▶ _EXERCISE DIRECTIONS_
Taking the records line by line, how many lines contain the word "fill"? Answer with the number only.

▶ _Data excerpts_

>>

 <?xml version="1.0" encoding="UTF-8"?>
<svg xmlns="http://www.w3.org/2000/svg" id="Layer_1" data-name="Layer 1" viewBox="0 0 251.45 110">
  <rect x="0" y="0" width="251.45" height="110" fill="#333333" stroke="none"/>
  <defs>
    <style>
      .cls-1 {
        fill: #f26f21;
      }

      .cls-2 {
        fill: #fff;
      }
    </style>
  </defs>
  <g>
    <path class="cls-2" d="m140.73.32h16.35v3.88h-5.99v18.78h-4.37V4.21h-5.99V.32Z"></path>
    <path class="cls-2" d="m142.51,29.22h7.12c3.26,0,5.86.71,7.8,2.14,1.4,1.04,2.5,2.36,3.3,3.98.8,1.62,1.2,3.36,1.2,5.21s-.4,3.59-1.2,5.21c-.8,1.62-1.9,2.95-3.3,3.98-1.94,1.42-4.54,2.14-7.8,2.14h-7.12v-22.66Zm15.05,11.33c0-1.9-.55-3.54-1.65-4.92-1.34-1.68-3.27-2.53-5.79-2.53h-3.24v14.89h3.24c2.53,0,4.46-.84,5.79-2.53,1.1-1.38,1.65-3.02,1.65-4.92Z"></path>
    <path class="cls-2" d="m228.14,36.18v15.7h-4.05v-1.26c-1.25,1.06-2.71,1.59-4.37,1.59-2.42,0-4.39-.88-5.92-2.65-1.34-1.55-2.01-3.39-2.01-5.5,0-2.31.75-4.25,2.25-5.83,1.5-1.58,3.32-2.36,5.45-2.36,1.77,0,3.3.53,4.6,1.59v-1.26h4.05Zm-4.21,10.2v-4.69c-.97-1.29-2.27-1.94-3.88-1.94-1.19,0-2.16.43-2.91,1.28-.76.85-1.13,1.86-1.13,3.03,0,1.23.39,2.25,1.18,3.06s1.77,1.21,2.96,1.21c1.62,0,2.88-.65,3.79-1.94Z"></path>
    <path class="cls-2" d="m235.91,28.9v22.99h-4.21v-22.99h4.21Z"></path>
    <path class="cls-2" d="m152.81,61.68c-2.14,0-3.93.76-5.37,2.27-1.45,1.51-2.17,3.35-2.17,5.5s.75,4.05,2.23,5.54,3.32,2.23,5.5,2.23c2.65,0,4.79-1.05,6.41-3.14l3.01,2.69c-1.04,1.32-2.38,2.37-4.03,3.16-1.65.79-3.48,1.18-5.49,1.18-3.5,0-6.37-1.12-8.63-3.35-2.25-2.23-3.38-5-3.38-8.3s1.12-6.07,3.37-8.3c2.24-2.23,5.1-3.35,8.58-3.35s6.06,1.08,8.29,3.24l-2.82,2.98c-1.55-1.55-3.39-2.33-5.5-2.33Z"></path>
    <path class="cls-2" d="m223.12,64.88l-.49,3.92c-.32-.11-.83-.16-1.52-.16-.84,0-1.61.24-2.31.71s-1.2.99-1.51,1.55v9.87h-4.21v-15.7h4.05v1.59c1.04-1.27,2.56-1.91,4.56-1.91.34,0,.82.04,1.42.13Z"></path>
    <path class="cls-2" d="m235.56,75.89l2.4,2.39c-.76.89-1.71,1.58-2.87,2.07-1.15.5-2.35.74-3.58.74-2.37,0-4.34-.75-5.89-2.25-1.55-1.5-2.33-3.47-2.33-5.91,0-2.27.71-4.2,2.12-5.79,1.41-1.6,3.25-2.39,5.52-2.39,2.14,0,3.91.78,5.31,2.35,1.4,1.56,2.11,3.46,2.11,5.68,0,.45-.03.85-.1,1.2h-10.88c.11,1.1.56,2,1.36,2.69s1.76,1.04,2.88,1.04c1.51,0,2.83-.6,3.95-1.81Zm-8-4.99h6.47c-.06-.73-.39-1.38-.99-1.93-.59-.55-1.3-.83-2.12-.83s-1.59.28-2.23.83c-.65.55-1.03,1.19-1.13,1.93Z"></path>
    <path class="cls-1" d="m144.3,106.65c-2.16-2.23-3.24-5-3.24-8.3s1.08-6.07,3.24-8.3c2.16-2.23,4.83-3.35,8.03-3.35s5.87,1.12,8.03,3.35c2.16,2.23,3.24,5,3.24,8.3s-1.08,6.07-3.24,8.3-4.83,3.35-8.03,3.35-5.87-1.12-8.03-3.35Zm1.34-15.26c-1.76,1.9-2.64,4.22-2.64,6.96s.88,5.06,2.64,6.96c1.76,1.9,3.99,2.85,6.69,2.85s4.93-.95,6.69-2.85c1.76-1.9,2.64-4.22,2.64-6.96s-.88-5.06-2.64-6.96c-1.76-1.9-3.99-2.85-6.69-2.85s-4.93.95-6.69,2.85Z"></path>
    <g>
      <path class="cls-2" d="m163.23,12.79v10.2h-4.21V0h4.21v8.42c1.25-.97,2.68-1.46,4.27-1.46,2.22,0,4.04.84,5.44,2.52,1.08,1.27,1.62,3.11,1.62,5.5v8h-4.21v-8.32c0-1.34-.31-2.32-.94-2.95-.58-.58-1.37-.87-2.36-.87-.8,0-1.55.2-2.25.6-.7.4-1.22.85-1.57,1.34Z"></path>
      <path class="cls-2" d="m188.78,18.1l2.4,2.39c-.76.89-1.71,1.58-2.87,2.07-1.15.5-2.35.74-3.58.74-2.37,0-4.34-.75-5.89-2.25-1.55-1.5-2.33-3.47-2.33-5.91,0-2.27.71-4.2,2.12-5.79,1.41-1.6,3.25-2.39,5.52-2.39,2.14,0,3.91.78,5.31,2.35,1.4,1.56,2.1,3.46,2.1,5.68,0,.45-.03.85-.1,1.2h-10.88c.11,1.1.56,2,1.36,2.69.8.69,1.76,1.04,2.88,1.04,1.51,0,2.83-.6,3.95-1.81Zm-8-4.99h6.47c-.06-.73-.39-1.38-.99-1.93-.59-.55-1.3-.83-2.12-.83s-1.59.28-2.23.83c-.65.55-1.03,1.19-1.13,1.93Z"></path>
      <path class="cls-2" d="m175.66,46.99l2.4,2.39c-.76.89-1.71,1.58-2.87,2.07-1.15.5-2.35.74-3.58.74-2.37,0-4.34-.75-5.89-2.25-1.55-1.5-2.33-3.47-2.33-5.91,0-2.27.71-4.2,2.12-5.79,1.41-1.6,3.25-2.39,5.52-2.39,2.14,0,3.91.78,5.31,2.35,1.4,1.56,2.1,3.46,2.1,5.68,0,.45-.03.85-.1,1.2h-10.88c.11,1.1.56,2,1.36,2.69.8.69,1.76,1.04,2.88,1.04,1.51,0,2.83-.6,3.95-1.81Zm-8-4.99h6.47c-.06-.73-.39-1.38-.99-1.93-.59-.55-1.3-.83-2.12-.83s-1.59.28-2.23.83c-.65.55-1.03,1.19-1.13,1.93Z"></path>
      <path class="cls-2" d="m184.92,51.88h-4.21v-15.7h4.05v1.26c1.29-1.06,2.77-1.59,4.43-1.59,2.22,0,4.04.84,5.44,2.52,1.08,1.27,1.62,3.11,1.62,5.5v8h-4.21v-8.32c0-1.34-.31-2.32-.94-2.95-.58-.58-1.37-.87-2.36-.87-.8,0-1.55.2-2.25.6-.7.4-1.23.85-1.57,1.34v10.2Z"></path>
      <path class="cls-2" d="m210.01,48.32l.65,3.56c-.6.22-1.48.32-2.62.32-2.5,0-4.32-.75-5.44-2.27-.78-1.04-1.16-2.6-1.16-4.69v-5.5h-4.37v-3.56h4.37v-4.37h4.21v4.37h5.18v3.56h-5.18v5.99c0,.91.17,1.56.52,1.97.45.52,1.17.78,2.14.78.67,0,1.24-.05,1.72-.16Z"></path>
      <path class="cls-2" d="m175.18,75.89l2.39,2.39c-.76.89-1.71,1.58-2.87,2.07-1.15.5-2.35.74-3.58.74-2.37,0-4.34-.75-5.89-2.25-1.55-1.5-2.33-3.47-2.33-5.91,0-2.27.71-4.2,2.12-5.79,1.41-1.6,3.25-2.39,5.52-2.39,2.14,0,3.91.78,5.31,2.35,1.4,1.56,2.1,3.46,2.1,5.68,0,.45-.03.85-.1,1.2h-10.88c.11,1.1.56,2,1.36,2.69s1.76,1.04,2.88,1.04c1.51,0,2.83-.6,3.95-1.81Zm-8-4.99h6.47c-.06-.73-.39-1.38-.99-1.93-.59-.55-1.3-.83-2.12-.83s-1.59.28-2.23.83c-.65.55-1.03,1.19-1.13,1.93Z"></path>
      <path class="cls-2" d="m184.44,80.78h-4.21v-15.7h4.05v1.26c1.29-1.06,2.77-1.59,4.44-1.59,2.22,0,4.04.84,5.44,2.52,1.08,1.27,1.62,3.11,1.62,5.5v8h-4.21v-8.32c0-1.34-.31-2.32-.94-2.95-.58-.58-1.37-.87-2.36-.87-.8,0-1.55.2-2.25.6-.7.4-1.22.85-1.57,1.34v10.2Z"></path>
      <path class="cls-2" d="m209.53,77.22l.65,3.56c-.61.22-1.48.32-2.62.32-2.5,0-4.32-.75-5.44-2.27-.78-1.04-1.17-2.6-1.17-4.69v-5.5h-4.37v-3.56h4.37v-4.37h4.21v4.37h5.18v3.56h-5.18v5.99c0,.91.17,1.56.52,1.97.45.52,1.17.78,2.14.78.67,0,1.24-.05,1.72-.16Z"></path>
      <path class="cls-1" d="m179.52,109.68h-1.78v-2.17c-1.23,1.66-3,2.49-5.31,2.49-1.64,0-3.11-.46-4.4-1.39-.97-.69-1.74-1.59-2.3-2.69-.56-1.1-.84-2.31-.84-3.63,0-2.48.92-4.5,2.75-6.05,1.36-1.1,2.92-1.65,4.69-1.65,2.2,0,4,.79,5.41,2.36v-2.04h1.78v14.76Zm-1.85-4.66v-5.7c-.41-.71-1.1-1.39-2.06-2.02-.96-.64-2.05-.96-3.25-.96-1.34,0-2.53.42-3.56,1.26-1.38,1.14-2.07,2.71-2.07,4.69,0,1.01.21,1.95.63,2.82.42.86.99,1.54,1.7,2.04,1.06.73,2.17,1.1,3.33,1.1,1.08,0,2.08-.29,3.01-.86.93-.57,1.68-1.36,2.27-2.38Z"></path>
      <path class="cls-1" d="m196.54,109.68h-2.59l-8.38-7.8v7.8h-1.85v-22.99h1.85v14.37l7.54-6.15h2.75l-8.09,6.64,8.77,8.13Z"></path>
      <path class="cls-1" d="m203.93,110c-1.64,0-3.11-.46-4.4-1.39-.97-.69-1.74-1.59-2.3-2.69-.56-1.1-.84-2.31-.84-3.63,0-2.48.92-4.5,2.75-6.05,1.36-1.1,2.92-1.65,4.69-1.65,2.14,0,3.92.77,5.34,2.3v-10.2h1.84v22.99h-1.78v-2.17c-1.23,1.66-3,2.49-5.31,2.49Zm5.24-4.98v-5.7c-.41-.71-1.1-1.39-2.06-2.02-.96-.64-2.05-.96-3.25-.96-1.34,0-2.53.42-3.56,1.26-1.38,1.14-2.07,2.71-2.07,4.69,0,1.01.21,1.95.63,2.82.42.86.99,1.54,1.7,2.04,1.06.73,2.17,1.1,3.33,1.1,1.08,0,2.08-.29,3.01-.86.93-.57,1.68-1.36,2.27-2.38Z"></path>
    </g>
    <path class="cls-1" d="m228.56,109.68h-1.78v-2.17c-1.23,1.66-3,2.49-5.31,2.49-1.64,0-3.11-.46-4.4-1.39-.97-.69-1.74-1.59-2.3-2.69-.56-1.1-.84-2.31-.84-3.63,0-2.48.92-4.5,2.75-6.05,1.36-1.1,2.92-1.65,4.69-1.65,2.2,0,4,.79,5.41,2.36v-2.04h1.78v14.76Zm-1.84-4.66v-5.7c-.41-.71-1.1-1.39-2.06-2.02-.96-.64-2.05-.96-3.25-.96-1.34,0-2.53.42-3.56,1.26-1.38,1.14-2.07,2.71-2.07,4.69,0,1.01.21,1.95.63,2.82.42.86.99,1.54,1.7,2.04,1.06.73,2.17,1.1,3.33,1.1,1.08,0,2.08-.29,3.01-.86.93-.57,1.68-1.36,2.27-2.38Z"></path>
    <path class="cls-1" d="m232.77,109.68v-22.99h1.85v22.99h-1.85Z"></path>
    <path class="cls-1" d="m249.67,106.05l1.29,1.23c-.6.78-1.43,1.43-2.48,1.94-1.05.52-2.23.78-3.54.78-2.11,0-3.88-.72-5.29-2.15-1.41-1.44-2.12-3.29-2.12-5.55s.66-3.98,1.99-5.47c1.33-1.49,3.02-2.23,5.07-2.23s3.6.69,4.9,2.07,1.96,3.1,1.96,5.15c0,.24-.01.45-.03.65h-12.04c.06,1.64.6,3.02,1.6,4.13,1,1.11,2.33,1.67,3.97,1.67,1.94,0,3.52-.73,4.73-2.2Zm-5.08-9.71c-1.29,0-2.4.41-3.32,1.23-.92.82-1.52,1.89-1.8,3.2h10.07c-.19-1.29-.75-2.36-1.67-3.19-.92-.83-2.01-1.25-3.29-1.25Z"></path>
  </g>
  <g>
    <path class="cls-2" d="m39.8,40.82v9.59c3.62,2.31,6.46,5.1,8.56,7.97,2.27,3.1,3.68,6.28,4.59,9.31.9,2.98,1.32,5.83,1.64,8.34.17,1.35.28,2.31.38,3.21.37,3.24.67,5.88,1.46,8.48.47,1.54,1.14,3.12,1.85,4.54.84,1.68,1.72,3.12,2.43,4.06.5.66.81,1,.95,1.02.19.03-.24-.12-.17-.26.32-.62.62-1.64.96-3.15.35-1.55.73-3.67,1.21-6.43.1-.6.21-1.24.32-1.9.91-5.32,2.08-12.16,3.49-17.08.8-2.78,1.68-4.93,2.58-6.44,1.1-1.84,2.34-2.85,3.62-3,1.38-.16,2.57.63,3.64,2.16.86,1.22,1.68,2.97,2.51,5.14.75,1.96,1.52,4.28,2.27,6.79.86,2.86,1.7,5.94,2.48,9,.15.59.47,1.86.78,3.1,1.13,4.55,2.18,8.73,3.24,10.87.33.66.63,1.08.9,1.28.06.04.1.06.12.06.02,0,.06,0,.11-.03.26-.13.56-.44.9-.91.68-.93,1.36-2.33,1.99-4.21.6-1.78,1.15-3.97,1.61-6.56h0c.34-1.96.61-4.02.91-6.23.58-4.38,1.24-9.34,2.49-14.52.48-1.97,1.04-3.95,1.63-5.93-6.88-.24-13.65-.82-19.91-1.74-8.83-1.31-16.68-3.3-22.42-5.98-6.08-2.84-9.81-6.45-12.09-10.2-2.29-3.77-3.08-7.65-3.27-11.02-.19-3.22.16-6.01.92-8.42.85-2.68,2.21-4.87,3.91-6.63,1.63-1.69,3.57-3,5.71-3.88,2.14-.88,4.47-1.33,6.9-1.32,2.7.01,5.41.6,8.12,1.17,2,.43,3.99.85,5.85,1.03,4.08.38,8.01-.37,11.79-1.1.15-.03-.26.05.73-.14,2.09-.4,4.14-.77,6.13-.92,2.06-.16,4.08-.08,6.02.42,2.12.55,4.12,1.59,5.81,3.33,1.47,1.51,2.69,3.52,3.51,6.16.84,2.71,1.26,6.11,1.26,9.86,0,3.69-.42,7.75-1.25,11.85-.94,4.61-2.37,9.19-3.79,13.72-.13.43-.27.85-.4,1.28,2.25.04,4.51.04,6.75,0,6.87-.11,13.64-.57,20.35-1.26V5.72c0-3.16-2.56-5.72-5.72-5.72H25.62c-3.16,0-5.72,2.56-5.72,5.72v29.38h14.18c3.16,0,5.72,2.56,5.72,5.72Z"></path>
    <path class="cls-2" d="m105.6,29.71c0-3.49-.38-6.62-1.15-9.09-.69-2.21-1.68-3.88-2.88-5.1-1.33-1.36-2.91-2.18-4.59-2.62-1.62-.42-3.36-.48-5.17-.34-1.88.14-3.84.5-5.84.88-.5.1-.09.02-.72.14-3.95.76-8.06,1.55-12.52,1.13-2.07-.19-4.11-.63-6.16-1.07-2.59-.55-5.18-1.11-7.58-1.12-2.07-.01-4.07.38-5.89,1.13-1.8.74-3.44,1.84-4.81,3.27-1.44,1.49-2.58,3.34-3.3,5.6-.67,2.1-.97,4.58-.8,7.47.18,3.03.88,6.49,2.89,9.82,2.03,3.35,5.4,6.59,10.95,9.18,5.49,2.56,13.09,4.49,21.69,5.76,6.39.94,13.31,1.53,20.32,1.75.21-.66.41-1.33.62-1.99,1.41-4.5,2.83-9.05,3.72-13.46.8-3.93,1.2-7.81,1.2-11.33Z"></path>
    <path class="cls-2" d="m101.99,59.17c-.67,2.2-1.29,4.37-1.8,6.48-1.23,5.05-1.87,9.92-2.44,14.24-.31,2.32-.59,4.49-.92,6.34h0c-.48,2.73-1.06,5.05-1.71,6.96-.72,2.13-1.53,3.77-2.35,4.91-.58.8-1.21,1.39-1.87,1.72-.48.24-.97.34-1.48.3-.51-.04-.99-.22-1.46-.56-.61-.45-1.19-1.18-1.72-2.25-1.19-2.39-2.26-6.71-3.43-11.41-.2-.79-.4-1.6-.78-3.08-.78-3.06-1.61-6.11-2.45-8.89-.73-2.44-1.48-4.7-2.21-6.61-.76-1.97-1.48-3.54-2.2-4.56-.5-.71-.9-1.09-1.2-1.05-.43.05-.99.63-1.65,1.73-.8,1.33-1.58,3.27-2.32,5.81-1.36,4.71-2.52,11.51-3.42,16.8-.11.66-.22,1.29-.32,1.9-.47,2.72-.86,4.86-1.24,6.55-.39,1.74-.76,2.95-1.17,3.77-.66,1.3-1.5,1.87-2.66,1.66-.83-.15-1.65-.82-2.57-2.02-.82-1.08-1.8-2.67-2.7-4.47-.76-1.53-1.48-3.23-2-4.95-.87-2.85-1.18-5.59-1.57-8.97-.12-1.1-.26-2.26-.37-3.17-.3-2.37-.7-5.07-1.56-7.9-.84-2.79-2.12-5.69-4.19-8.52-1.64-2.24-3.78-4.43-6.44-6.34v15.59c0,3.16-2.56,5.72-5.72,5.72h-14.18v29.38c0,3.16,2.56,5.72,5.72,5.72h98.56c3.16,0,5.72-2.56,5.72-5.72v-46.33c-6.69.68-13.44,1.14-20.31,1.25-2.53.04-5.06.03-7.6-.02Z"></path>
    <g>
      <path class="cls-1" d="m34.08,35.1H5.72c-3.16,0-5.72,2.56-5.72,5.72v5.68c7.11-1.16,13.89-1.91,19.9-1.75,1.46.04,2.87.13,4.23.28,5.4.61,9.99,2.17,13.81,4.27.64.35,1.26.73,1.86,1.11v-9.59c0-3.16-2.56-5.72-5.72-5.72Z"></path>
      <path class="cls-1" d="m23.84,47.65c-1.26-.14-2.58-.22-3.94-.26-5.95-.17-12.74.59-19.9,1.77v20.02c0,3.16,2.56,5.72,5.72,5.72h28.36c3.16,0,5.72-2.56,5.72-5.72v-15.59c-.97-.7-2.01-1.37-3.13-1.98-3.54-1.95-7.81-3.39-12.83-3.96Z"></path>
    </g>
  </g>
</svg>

<<

▶ _SOLUTION TO THE EXERCISE_
3